Personal information
- Full name: John Eyre
- Born: 29 October 1859 Shaw, Berkshire, England
- Died: 24 November 1941 (aged 82) Bayswater, London, England
- Batting: Unknown

Domestic team information
- 1887: Marylebone Cricket Club

Career statistics
| Competition | First-class |
| Matches | 1 |
| Runs scored | 9 |
| Batting average | 9.00 |
| 100s/50s | –/– |
| Top score | 9 |
| Catches/stumpings | –/– |
- Source: Cricinfo, 15 August 2021

= John Eyre (cricketer, born 1859) =

English cricketer and solicitor

John Eyre OBE (29 October 1859 — 24 November 1941) was an English first-class cricketer and footballer.
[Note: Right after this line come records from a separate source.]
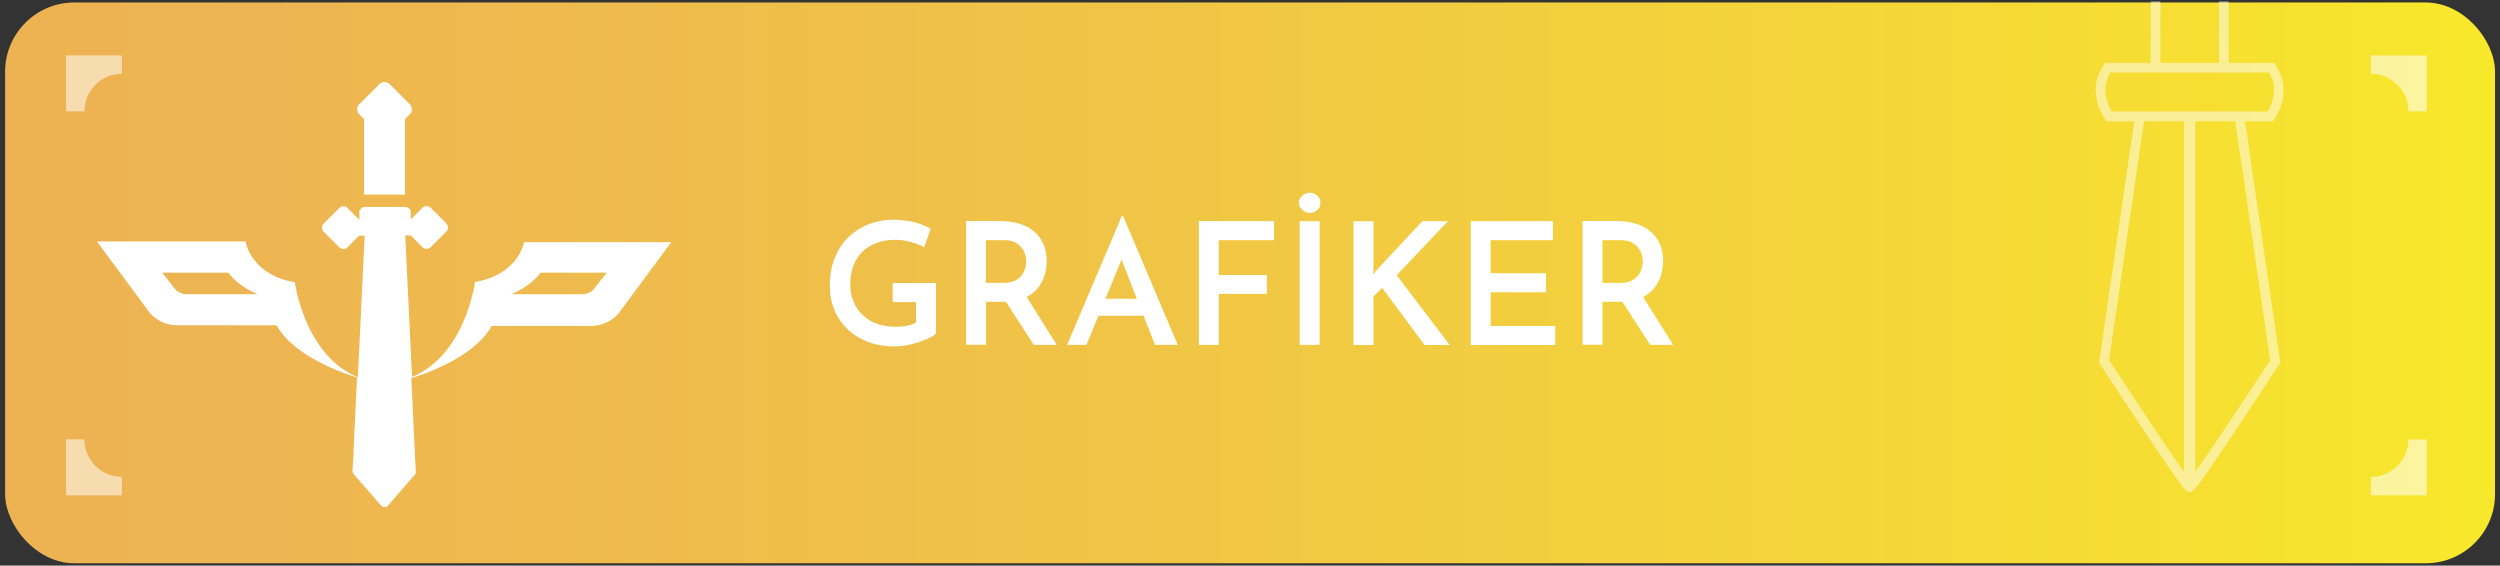 <?xml version="1.0" encoding="UTF-8"?>
<svg id="katman_1" data-name="katman 1" xmlns="http://www.w3.org/2000/svg" xmlns:xlink="http://www.w3.org/1999/xlink" viewBox="0 0 181 40.95">
  <rect x="0" y="0" width="181" height="40.95" fill="#333333" stroke="none"/>
  <defs>
    <style>
      .cls-1 {
        fill: none;
      }

      .cls-1, .cls-2, .cls-3, .cls-4 {
        stroke-width: 0px;
      }

      .cls-5 {
        opacity: .54;
      }

      .cls-6 {
        clip-path: url(#clippath);
      }

      .cls-2 {
        fill: url(#Adsız_degrade_61);
      }

      .cls-3 {
        opacity: .49;
      }

      .cls-3, .cls-4 {
        fill: #fff;
      }
    </style>
    <linearGradient id="Adsız_degrade_61" data-name="Adsız degrade 61" x1="207.01" y1="20.47" x2="-40.02" y2="20.47" gradientUnits="userSpaceOnUse">
      <stop offset="0" stop-color="#fbf422"/>
      <stop offset=".2" stop-color="#f6de32"/>
      <stop offset=".51" stop-color="#f0c446"/>
      <stop offset=".78" stop-color="#edb452"/>
      <stop offset="1" stop-color="#ecaf57"/>
    </linearGradient>
    <clipPath id="clippath">
      <rect class="cls-1" x="143.45" y=".1" width="25.9" height="37.85"/>
    </clipPath>
  </defs>
  <rect class="cls-2" x=".37" y=".18" width="180.27" height="40.6" rx="5.01" ry="5.01"/>
  <g>
    <path class="cls-4" d="M67.76,24.15c-.11.11-.29.23-.51.33-.23.11-.48.21-.76.3-.28.09-.57.16-.86.22-.3.05-.57.08-.84.08-.72,0-1.37-.11-1.95-.33s-1.07-.53-1.48-.92c-.41-.39-.73-.85-.95-1.39-.22-.53-.33-1.11-.33-1.74,0-.78.12-1.47.37-2.06.25-.59.58-1.1,1.01-1.5s.92-.71,1.47-.92c.55-.21,1.14-.31,1.75-.31.54,0,1.04.06,1.51.18.46.12.86.28,1.19.47l-.47,1.33c-.16-.09-.36-.18-.6-.26-.25-.09-.5-.15-.75-.2s-.48-.07-.69-.07c-.52,0-.98.07-1.38.22s-.75.35-1.04.63c-.29.28-.51.62-.66,1.02-.15.4-.23.85-.23,1.36,0,.46.08.88.24,1.26s.38.7.67.97c.29.27.63.48,1.03.62.4.14.85.22,1.33.22.28,0,.55-.02.81-.07.26-.05.49-.13.68-.23v-1.49h-1.69v-1.38h3.13v3.68Z"/>
    <path class="cls-4" d="M72.47,16.01c.49,0,.94.06,1.35.19.41.13.76.31,1.05.56.29.25.51.55.67.9.16.36.24.77.24,1.23,0,.35-.05.71-.16,1.06-.11.35-.28.67-.52.95-.24.28-.56.51-.95.69-.39.18-.88.26-1.47.26h-1.29v3.11h-1.44v-8.96h2.52ZM72.66,20.48c.32,0,.59-.05.8-.15.21-.1.38-.23.5-.39.12-.16.21-.32.26-.5.05-.18.08-.34.08-.5s-.02-.31-.07-.49c-.05-.18-.13-.34-.25-.5-.12-.16-.28-.29-.49-.4-.21-.11-.46-.16-.78-.16h-1.33v3.09h1.28ZM74.22,21.33l2.29,3.64h-1.66l-2.34-3.61,1.71-.04Z"/>
    <path class="cls-4" d="M77.26,24.97l3.96-9.33h.09l3.96,9.33h-1.65l-2.78-7.09,1.02-.69-3.2,7.78h-1.4ZM79.74,21.63h3.07l.49,1.23h-3.99l.43-1.23Z"/>
    <path class="cls-4" d="M86.8,16.01h5.44v1.38h-4v2.52h3.48v1.37h-3.48v3.69h-1.44v-8.96Z"/>
    <path class="cls-4" d="M94.04,14.69c0-.21.08-.39.25-.53.17-.14.35-.21.55-.21s.37.07.53.21.23.32.23.53-.08.39-.23.52c-.16.14-.33.2-.53.2s-.38-.07-.55-.21c-.17-.14-.25-.31-.25-.52ZM94.1,16.01h1.44v8.96h-1.44v-8.96Z"/>
    <path class="cls-4" d="M99.45,19.44l-.04.46.2-.28,3.37-3.61h1.85l-3.71,3.92,3.84,5.05h-1.82l-3.07-4.14-.63.62v3.52h-1.45v-8.96h1.45v3.44Z"/>
    <path class="cls-4" d="M106.48,16.01h5.95v1.38h-4.51v2.39h4.01v1.38h-4.01v2.44h4.68v1.38h-6.12v-8.96Z"/>
    <path class="cls-4" d="M117.1,16.01c.49,0,.94.06,1.35.19.41.13.76.31,1.05.56.29.25.51.55.67.9.16.36.24.77.24,1.23,0,.35-.05.71-.16,1.06-.11.35-.28.67-.52.95-.24.28-.56.51-.95.69-.39.18-.88.26-1.47.26h-1.29v3.11h-1.44v-8.96h2.52ZM117.3,20.48c.32,0,.59-.05.8-.15.21-.1.38-.23.5-.39.12-.16.21-.32.26-.5.05-.18.08-.34.08-.5s-.02-.31-.07-.49c-.05-.18-.13-.34-.25-.5-.12-.16-.28-.29-.49-.4-.21-.11-.46-.16-.78-.16h-1.33v3.09h1.28ZM118.85,21.33l2.29,3.64h-1.66l-2.34-3.61,1.71-.04Z"/>
  </g>
  <g>
    <path class="cls-4" d="M26.33,8.57l.03.03v1.91h0v.46h0v1.53h0v.46h0v1.13h2.96v-1.13h0v-.46h0v-1.53h0v-.46h0s0,0,0,0v-1.89l.35-.35h0s.02-.02.02-.03c.02-.02.03-.04.05-.06.03-.04.05-.09.06-.13,0-.02.01-.04.01-.06.03-.16-.02-.33-.15-.45l-1.45-1.45c-.2-.2-.54-.2-.74,0l-1.45,1.45s-.05.05-.07.08c-.06.09-.09.19-.09.29,0,.13.05.27.15.37l.3.3Z"/>
    <path class="cls-4" d="M37.97,17.46c-.66,2.65-3.58,2.95-3.58,2.95,0,0-.67,5.27-4.56,6.88l-.49-10.24h.4l.85.85s.04.04.06.05c.07.05.15.07.23.07.05,0,.11-.01.16-.03.05-.02.1-.05.14-.09l1.14-1.14c.1-.1.14-.24.11-.37-.02-.08-.05-.15-.11-.21l-1.14-1.14s-.09-.07-.14-.09c-.05-.02-.1-.03-.16-.03-.08,0-.16.02-.23.07-.02.02-.04.03-.06.05l-.85.85h0v-.46h0s0-.07,0-.1c0-.01,0-.02-.01-.03,0-.02,0-.03-.01-.05,0-.02-.02-.03-.02-.05,0,0,0-.02-.01-.03-.01-.02-.03-.03-.04-.05,0,0,0,0-.01-.01-.02-.02-.04-.03-.06-.05,0,0,0,0,0,0-.06-.05-.14-.08-.22-.08h-2.97s0,0,0,0c-.06,0-.11.02-.16.05,0,0,0,0,0,0-.02.01-.04.03-.06.04,0,0,0,0,0,0-.02.01-.03.03-.05.05,0,0,0,.01-.01.02-.01.01-.02.03-.04.05,0,0-.01.02-.02.03,0,.01-.02.03-.02.04,0,.01-.01.03-.01.05,0,.01,0,.02,0,.03,0,.03,0,.06,0,.09h0v.47h-.02l-.85-.85c-.16-.16-.42-.16-.58,0l-1.14,1.14c-.06.06-.1.13-.11.21-.03.13.01.27.11.37l1.14,1.14c.16.16.42.16.58,0l.85-.85h.4l-.49,10.25c-3.89-1.6-4.56-6.88-4.56-6.88,0,0-2.93-.3-3.58-2.95H7.02l3.83,5.18h0c.5.56,1.22.9,1.98.89,0,0,6.24,0,7.2,0,1.26,2.31,5.04,3.54,5.82,3.78l-.26,5.47h0v.21s-.07,1.04-.07,1.04c0,.01,0,.03,0,.04,0,.06.02.12.05.18.01.02.02.04.04.06l1.41,1.62.57.65s.07.06.11.08c.05.02.1.03.15.03.01,0,.03,0,.04,0,0,0,.02,0,.02,0,0,0,.01,0,.02,0,0,0,.01,0,.02,0,0,0,.01,0,.02,0,0,0,0,0,0,0,0,0,0,0,.01,0,0,0,.02-.01.02-.02,0,0,0,0,0,0,0,0,0,0,.01,0,0,0,0,0,0,0,.02-.01.03-.03.04-.04,0,0,0,0,0,0h0s0,0,0,0l.56-.64,1.41-1.63s.01-.02.02-.02c0-.01.02-.02.03-.04,0,0,0,0,0-.01,0-.02.02-.04.02-.05,0,0,0-.01,0-.02,0-.02.01-.04.01-.05,0,0,0-.01,0-.02,0-.01,0-.03,0-.04v-.02s0,0,0,0l-.32-6.73c.78-.24,4.55-1.47,5.81-3.78.96,0,7.2,0,7.2,0,.76,0,1.48-.33,1.98-.89h0l3.83-5.18h-10.68ZM13.52,21.3c-.35,0-.68-.16-.89-.43l-.89-1.13c.26,0,.52,0,.77,0h4.02c.16.22.81,1.03,2.13,1.56h-5.15ZM43.05,20.87c-.21.27-.54.43-.89.43h-5.15c1.32-.53,1.97-1.34,2.13-1.56h4.02c.26,0,.52,0,.77,0l-.89,1.13Z"/>
  </g>
  <g class="cls-5">
    <g>
      <path class="cls-4" d="M6.11,8.06c0-1.5,1.22-2.72,2.72-2.72v-1.33h-4.05v4.05h1.33Z"/>
      <path class="cls-4" d="M174.37,8.06h0s1.33,0,1.33,0v-4.05h-4.05v1.33c1.5,0,2.72,1.22,2.72,2.72Z"/>
      <path class="cls-4" d="M6.11,31.81h-1.33v4.05h4.05v-1.33c-1.5,0-2.72-1.22-2.72-2.72Z"/>
    </g>
    <path class="cls-4" d="M171.65,34.53v1.33h4.05v-4.05h-1.33c0,1.5-1.22,2.72-2.72,2.72Z"/>
  </g>
  <g class="cls-6">
    <path class="cls-3" d="M152.41,8.64l.11.15h2s-2.55,17.46-2.55,17.46l.07.11s1.49,2.28,2.98,4.52c3.1,4.64,3.23,4.68,3.42,4.73l.09.02.09-.02c.19-.05.33-.08,3.42-4.73,1.49-2.24,2.97-4.5,2.98-4.52l.07-.11-2.55-17.46h2s.11-.15.11-.15c.51-.7,1.18-2.43.09-3.94l-.11-.15h-3.27s-.02-7.07-.02-7.07h.85s.11-.15.11-.15c.38-.52.86-1.82,0-3l-.11-.15h-7.32s-.11.15-.11.15c-.86,1.19-.38,2.48,0,3l.11.15h.85s-.02,7.07-.02,7.07h-3.27s-.11.15-.11.15c-1.1,1.51-.42,3.24.09,3.94ZM152.7,26.08l.06-.44,2.26-15.44.21-1.42h2.89s0,25.39,0,25.39c0,0,0,0,0,0-1.18-1.66-3.71-5.48-5.41-8.08ZM163.16,17.86l1.2,8.22s0,0,0,0c-1.7,2.61-4.24,6.43-5.42,8.09V8.78s2.89,0,2.89,0l.21,1.41,1.12,7.67ZM155.25-3.23c-.17-.31-.49-1.09,0-1.88h2.55s.77,0,.77,0h2.99s.27,0,.27,0c.48.8.16,1.57,0,1.88h-.48s-2.19,0-2.19,0h-1.75s-.71,0-.71,0h-.95s-.48,0-.48,0ZM160.66,4.55h-4.25s0-.58,0-.58l.02-6.49h1.33s2.88,0,2.88,0l.02,6.22v.36s0,.49,0,.49ZM152.8,5.25h2.9s.72,0,.72,0h2.84s2.11,0,2.11,0h2.28s.62,0,.62,0c.75,1.19.15,2.41-.09,2.82h-1.73s-2.93,0-2.93,0h-.58s-.82,0-.82,0h-1.56s-1.06,0-1.06,0h-.88s-1.73,0-1.73,0c-.24-.41-.83-1.64-.09-2.82Z"/>
  </g>
</svg>

The son of Richard Eyre, he was born at Shaw House in Berkshire in October 1859. He was educated at Winchester College, before going up to Keble College, Oxford. He later changed college, transferring to Christ Church.

==First-class cricket==
Eyre later made a single appearance in first-class cricket for the Marylebone Cricket Club (MCC), captained by W. G. Grace, against Cambridge University at Lord's in 1887. Batting once in the match, he was dismissed for 9 runs by Francis Ford in the MCC first innings, with the MCC winning the match by 10 wickets.

==Football==
Eyre also played football for Winchester School and Oxford University. For the latter he was a Blue in 1879 and 1880, and appeared as centre-forward in their losing team at the 1880 FA Cup Final when they lost to Clapham Rovers. He played representative county football for Berkshire.

==Career outside sport==
By profession Eyre was a land agent. He also served as a justice of peace and member of Buckinghamshire County Council and sat on several hospital boards, his civic services earning him honour as Officer of the Order of the British Empire.

==Personal life==
He married Lady Evelyn Alice Curzon in April 1896, the daughter of Richard Curzon-Howe, 3rd Earl Howe. For some years after the First World War the couple lived in Switzerland. Eyre died at his Cleveland Square home in Bayswater in November 1941.